Metallurgical surface treatment

Ultrasonic impact treatment (UIT) is a metallurgical processing technique, similar to work hardening, in which ultrasonic energy is applied to a metal object. This technique is part of the high-frequency mechanical impact (HFMI) class of processes. Other terms include ultrasonic needle peening (UNP) and ultrasonic peening (UP). Ultrasonic impact treatment can result in controlled residual compressive stress, grain refinement, and grain size reduction. Low- and high-cycle fatigue are enhanced and have been documented to provide increases up to ten times greater than non-UIT specimens.

== Theory ==
In UIT, ultrasonic waves are produced by an electro-mechanical ultrasonic transducer, and applied to a workpiece. An acoustically-tuned resonator bar is caused to vibrate by energizing it with a magnetostrictive or Piezoelectric ultrasonic transducer. The energy generated from these high-frequency impulses is imparted to the treated surface through the contact of specially designed steel pins. These transfer pins are free to move axially between the resonant body and the treated surface.

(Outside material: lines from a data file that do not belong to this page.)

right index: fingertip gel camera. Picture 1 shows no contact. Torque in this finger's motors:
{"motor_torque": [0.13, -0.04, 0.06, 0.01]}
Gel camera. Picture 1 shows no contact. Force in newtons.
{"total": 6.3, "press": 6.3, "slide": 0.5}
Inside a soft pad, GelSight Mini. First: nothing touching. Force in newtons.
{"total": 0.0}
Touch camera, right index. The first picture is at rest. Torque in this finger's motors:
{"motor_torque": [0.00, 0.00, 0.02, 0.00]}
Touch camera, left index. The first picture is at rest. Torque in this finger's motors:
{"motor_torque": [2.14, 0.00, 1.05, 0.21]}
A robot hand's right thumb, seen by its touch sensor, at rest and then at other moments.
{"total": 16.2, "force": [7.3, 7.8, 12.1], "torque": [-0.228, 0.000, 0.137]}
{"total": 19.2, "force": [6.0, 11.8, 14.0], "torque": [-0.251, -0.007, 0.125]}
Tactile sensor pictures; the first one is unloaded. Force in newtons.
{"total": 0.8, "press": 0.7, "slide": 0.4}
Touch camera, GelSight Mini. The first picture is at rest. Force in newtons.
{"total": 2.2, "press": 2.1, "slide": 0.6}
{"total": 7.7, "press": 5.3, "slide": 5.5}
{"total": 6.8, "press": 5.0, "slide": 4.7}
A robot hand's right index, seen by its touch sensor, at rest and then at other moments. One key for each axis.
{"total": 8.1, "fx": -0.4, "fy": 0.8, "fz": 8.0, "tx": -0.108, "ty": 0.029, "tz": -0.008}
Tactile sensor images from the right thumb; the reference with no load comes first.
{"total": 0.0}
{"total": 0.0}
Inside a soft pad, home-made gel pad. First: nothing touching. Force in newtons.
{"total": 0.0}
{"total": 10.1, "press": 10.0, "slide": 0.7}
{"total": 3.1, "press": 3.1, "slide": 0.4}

When the tool, made up of the ultrasonic transducer, pins, and other components, comes into contact with the work piece, it acoustically couples with the work piece, creating harmonic resonance. This harmonic resonance is performed at a carefully calibrated frequency, to which metals respond very favorably, resulting in compressive residual stress, stress relief, and grain-structure improvements.

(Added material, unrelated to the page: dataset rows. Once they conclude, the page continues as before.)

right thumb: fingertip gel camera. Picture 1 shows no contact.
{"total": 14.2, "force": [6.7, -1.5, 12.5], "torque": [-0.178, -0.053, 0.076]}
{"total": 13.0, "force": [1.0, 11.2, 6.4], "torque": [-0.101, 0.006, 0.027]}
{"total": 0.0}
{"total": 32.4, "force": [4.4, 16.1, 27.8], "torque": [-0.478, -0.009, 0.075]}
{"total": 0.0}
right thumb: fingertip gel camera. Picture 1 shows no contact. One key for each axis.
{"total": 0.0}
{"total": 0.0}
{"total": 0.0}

Depending on the desired effects of treatment, a combination of different frequencies and displacement amplitude is applied. Depending on the tool and the original equipment manufacturer, these frequencies range between 15 and 55 kHz, with the displacement amplitude of the resonant body between 20 and 80 um.

== Application ==
UIT is highly controllable. Incorporating a programmable logic controller (PLC) or a digital ultrasonic generator, the frequency and amplitude of UIT are easily set and maintained, thus removing a significant portion of operator dependency. UIT can also be mechanically controlled, thus providing repeatability of results from one application to the next. Examples of mechanical control employed with UIT include CNC milling machines, lathes, robotic control, and weld tractors. With these types of controlled applications, the surface finish of the work piece is highly controllable.

For many applications, UIT is most effectively employed by hand. The high portability of the UIT system enables travel to austere locations and hard-to-reach places. The flexibility that is facilitated by variations in the tool configuration (such as angle-peening-head) ensures that access to very tight locations is possible.

UIT's effectiveness has been illustrated on the following metals, among others:
- Aluminium (including sensitized Aluminium)
- Bronze
- Cobalt alloys
- Nickel alloys
- Steels
  - Carbon steel
  - Stainless steel
  - High-strength low-alloy steel
  - Manganese steel
- Titanium

== History ==
UIT was originally developed in 1972 and has since been perfected by a team of Russian scientists under the leadership of Dr. Efim Statnikov. Originally developed and used to enhance the fatigue and corrosion attributes of ship and submarine structures, UIT has been used in aerospace, mining, offshore drilling, shipbuilding, infrastructure, automotive, energy production, and other industries. Different industrial solutions exist nowadays and are commercialized by a limited number of original equipment manufacturers worldwide.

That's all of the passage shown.